Preliminary Screening of Pyrene-Degrading Bacteria from the Semi-Anoxic Bovine Gut

Abstract

Polycyclic aromatic hydrocarbons (PAHs) are environmental contaminants whose remediation remains a global challenge in oxygen-limited and resource-constrained environments. While microbial degradation of PAHs has been studied in soils and aquatic systems, the gastrointestinal microbiota of ruminants remains largely unexplored as a potential reservoir of hydrocarbon-degrading bacteria. This study evaluates the PAH-degrading potential of bacterial isolates from the semi-anoxic intestinal lining of cows inhabiting crude oil-impacted environments. Samples were aseptically collected from the intestinal gut lining of Bos tarus at the point of slaughter and cultured with a Pyrene-supplemented Bushnell Haas medium. A total of sixteen distinct bacterial isolates were obtained and characterized using morphological and biochemical techniques.

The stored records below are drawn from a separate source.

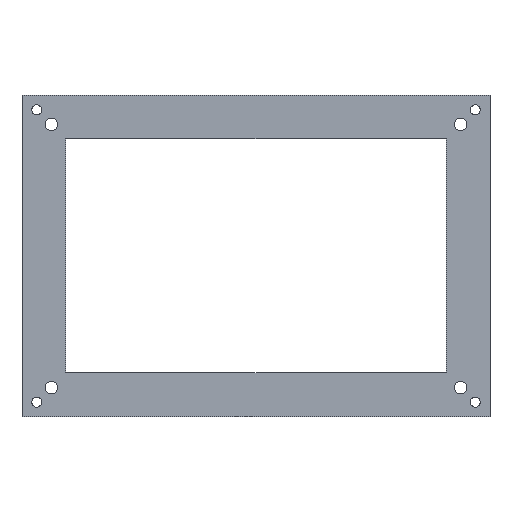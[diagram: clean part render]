
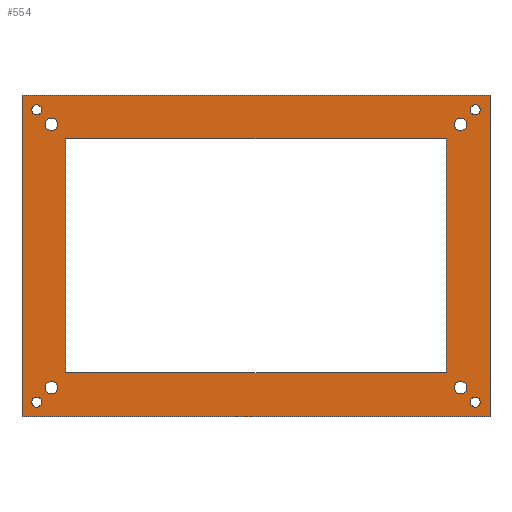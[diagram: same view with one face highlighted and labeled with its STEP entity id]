
A CAD part, front view. The second image highlights one B-rep face of the part: STEP entity #554.
In plain terms, the highlighted planar face has unit normal (0, -1, 0).
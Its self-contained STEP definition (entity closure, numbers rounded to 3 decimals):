
#40=FACE_BOUND('',#158,.T.);
#41=FACE_BOUND('',#159,.T.);
#42=FACE_BOUND('',#160,.T.);
#43=FACE_BOUND('',#161,.T.);
#44=FACE_BOUND('',#162,.T.);
#45=FACE_BOUND('',#163,.T.);
#46=FACE_BOUND('',#164,.T.);
#47=FACE_BOUND('',#165,.T.);
#48=FACE_BOUND('',#166,.T.);
#59=CIRCLE('',#595,2.125);
#62=CIRCLE('',#600,2.125);
#65=CIRCLE('',#605,2.125);
#68=CIRCLE('',#610,2.125);
#71=CIRCLE('',#616,1.7);
#74=CIRCLE('',#622,1.7);
#77=CIRCLE('',#628,1.7);
#80=CIRCLE('',#634,1.7);
#114=FACE_OUTER_BOUND('',#157,.T.);
#157=EDGE_LOOP('',(#495,#496,#497,#498));
#158=EDGE_LOOP('',(#499,#500,#501,#502));
#159=EDGE_LOOP('',(#503));
#160=EDGE_LOOP('',(#504));
#161=EDGE_LOOP('',(#505));
#162=EDGE_LOOP('',(#506));
#163=EDGE_LOOP('',(#507));
#164=EDGE_LOOP('',(#508));
#165=EDGE_LOOP('',(#509));
#166=EDGE_LOOP('',(#510));
#167=LINE('',#810,#207);
#171=LINE('',#818,#211);
#174=LINE('',#824,#214);
#177=LINE('',#829,#217);
#199=LINE('',#943,#239);
#202=LINE('',#948,#242);
#204=LINE('',#952,#244);
#206=LINE('',#955,#246);
#207=VECTOR('',#644,10.);
#211=VECTOR('',#650,10.);
#214=VECTOR('',#655,10.);
#217=VECTOR('',#660,10.);
#239=VECTOR('',#790,10.);
#242=VECTOR('',#795,10.);
#244=VECTOR('',#799,10.);
#246=VECTOR('',#803,10.);
#247=VERTEX_POINT('',#808);
#248=VERTEX_POINT('',#809);
#251=VERTEX_POINT('',#817);
#253=VERTEX_POINT('',#823);
#269=VERTEX_POINT('',#863);
#272=VERTEX_POINT('',#873);
#275=VERTEX_POINT('',#883);
#278=VERTEX_POINT('',#893);
#281=VERTEX_POINT('',#904);
#284=VERTEX_POINT('',#915);
#287=VERTEX_POINT('',#926);
#290=VERTEX_POINT('',#937);
#291=VERTEX_POINT('',#941);
#292=VERTEX_POINT('',#942);
#293=VERTEX_POINT('',#947);
#294=VERTEX_POINT('',#951);
#295=EDGE_CURVE('',#247,#248,#167,.T.);
#299=EDGE_CURVE('',#248,#251,#171,.T.);
#302=EDGE_CURVE('',#251,#253,#174,.T.);
#305=EDGE_CURVE('',#253,#247,#177,.T.);
#323=EDGE_CURVE('',#269,#269,#59,.T.);
#328=EDGE_CURVE('',#272,#272,#62,.T.);
#333=EDGE_CURVE('',#275,#275,#65,.T.);
#338=EDGE_CURVE('',#278,#278,#68,.T.);
#343=EDGE_CURVE('',#281,#281,#71,.T.);
#348=EDGE_CURVE('',#284,#284,#74,.T.);
#353=EDGE_CURVE('',#287,#287,#77,.T.);
#358=EDGE_CURVE('',#290,#290,#80,.T.);
#359=EDGE_CURVE('',#291,#292,#199,.T.);
#362=EDGE_CURVE('',#293,#291,#202,.T.);
#364=EDGE_CURVE('',#294,#293,#204,.T.);
#366=EDGE_CURVE('',#292,#294,#206,.T.);
#495=ORIENTED_EDGE('',*,*,#366,.F.);
#496=ORIENTED_EDGE('',*,*,#359,.F.);
#497=ORIENTED_EDGE('',*,*,#362,.F.);
#498=ORIENTED_EDGE('',*,*,#364,.F.);
#499=ORIENTED_EDGE('',*,*,#302,.T.);
#500=ORIENTED_EDGE('',*,*,#305,.T.);
#501=ORIENTED_EDGE('',*,*,#295,.T.);
#502=ORIENTED_EDGE('',*,*,#299,.T.);
#503=ORIENTED_EDGE('',*,*,#323,.T.);
#504=ORIENTED_EDGE('',*,*,#328,.T.);
#505=ORIENTED_EDGE('',*,*,#333,.T.);
#506=ORIENTED_EDGE('',*,*,#338,.T.);
#507=ORIENTED_EDGE('',*,*,#343,.T.);
#508=ORIENTED_EDGE('',*,*,#348,.T.);
#509=ORIENTED_EDGE('',*,*,#353,.T.);
#510=ORIENTED_EDGE('',*,*,#358,.T.);
#524=PLANE('',#639);
#554=ADVANCED_FACE('',(#114,#40,#41,#42,#43,#44,#45,#46,#47,#48),#524,.F.);
#595=AXIS2_PLACEMENT_3D('',#865,#694,#695);
#600=AXIS2_PLACEMENT_3D('',#875,#706,#707);
#605=AXIS2_PLACEMENT_3D('',#885,#718,#719);
#610=AXIS2_PLACEMENT_3D('',#895,#730,#731);
#616=AXIS2_PLACEMENT_3D('',#906,#744,#745);
#622=AXIS2_PLACEMENT_3D('',#917,#758,#759);
#628=AXIS2_PLACEMENT_3D('',#928,#772,#773);
#634=AXIS2_PLACEMENT_3D('',#939,#786,#787);
#639=AXIS2_PLACEMENT_3D('',#956,#804,#805);
#644=DIRECTION('',(1.,0.,0.));
#650=DIRECTION('',(0.,0.,-1.));
#655=DIRECTION('',(-1.,0.,0.));
#660=DIRECTION('',(0.,0.,1.));
#694=DIRECTION('center_axis',(0.,1.,0.));
#695=DIRECTION('ref_axis',(1.,0.,0.));
#706=DIRECTION('center_axis',(0.,1.,0.));
#707=DIRECTION('ref_axis',(1.,0.,0.));
#718=DIRECTION('center_axis',(0.,1.,0.));
#719=DIRECTION('ref_axis',(1.,0.,0.));
#730=DIRECTION('center_axis',(0.,1.,0.));
#731=DIRECTION('ref_axis',(1.,0.,0.));
#744=DIRECTION('center_axis',(0.,1.,0.));
#745=DIRECTION('ref_axis',(1.,0.,0.));
#758=DIRECTION('center_axis',(0.,1.,0.));
#759=DIRECTION('ref_axis',(1.,0.,0.));
#772=DIRECTION('center_axis',(0.,1.,0.));
#773=DIRECTION('ref_axis',(1.,0.,0.));
#786=DIRECTION('center_axis',(0.,1.,0.));
#787=DIRECTION('ref_axis',(1.,0.,0.));
#790=DIRECTION('',(0.,0.,-1.));
#795=DIRECTION('',(1.,0.,0.));
#799=DIRECTION('',(0.,0.,1.));
#803=DIRECTION('',(-1.,0.,0.));
#804=DIRECTION('center_axis',(0.,1.,0.));
#805=DIRECTION('ref_axis',(0.,0.,1.));
#808=CARTESIAN_POINT('',(-145.,0.,-15.));
#809=CARTESIAN_POINT('',(-15.,0.,-15.));
#810=CARTESIAN_POINT('',(-47.5,0.,-15.));
#817=CARTESIAN_POINT('',(-15.,0.,-95.));
#818=CARTESIAN_POINT('',(-15.,0.,-75.));
#823=CARTESIAN_POINT('',(-145.,0.,-95.));
#824=CARTESIAN_POINT('',(-112.5,0.,-95.));
#829=CARTESIAN_POINT('',(-145.,0.,-35.));
#863=CARTESIAN_POINT('',(-12.125,0.,-10.));
#865=CARTESIAN_POINT('Origin',(-10.,0.,-10.));
#873=CARTESIAN_POINT('',(-12.125,0.,-100.));
#875=CARTESIAN_POINT('Origin',(-10.,0.,-100.));
#883=CARTESIAN_POINT('',(-152.125,0.,-100.));
#885=CARTESIAN_POINT('Origin',(-150.,0.,-100.));
#893=CARTESIAN_POINT('',(-152.125,0.,-10.));
#895=CARTESIAN_POINT('Origin',(-150.,0.,-10.));
#904=CARTESIAN_POINT('',(-6.725,0.,-5.025));
#906=CARTESIAN_POINT('Origin',(-5.025,0.,-5.025));
#915=CARTESIAN_POINT('',(-6.725,0.,-104.975));
#917=CARTESIAN_POINT('Origin',(-5.025,0.,-104.975));
#926=CARTESIAN_POINT('',(-156.675,0.,-104.975));
#928=CARTESIAN_POINT('Origin',(-154.975,0.,-104.975));
#937=CARTESIAN_POINT('',(-156.675,0.,-5.025));
#939=CARTESIAN_POINT('Origin',(-154.975,0.,-5.025));
#941=CARTESIAN_POINT('',(0.,0.,0.));
#942=CARTESIAN_POINT('',(0.,0.,-110.));
#943=CARTESIAN_POINT('',(0.,0.,0.));
#947=CARTESIAN_POINT('',(-160.,0.,0.));
#948=CARTESIAN_POINT('',(-160.,0.,0.));
#951=CARTESIAN_POINT('',(-160.,0.,-110.));
#952=CARTESIAN_POINT('',(-160.,0.,-110.));
#955=CARTESIAN_POINT('',(0.,0.,-110.));
#956=CARTESIAN_POINT('Origin',(-80.,0.,-55.));

Their capacity to metabolize pyrene, a model high-molecular-weight PAH, was assessed using a 2,6-dichlorophenol indophenol (DCPIP) redox assay in combination with growth kinetics monitoring (OD₆₀₀_nm). Approximately 70% of the isolates demonstrated DCPIP reduction, indicating active redox metabolism associated with hydrocarbon utilization. Notably, Citrobacter freundii and Pseudomonas alcaligenes exhibited pronounced and sustained DCPIP reduction alongside measurable shifts in growth dynamics, suggesting enhanced metabolic adaptation to pyrene. The applied methods provide preliminary evidence of PAH-associated metabolic activity; the observed diversity among isolates highlights the functional versatility of gut-associated microbiota under semi-anoxic conditions. These findings position the ruminant intestinal microbiome as an underutilized source of bacteria with potential relevance for bioremediation in oxygen-limited environments and present a low-cost screening framework suitable for resource-limited laboratories and provide a foundation for further investigations involving molecular identification, enzymatic pathway analysis, and analytical validation of hydrocarbon degradation.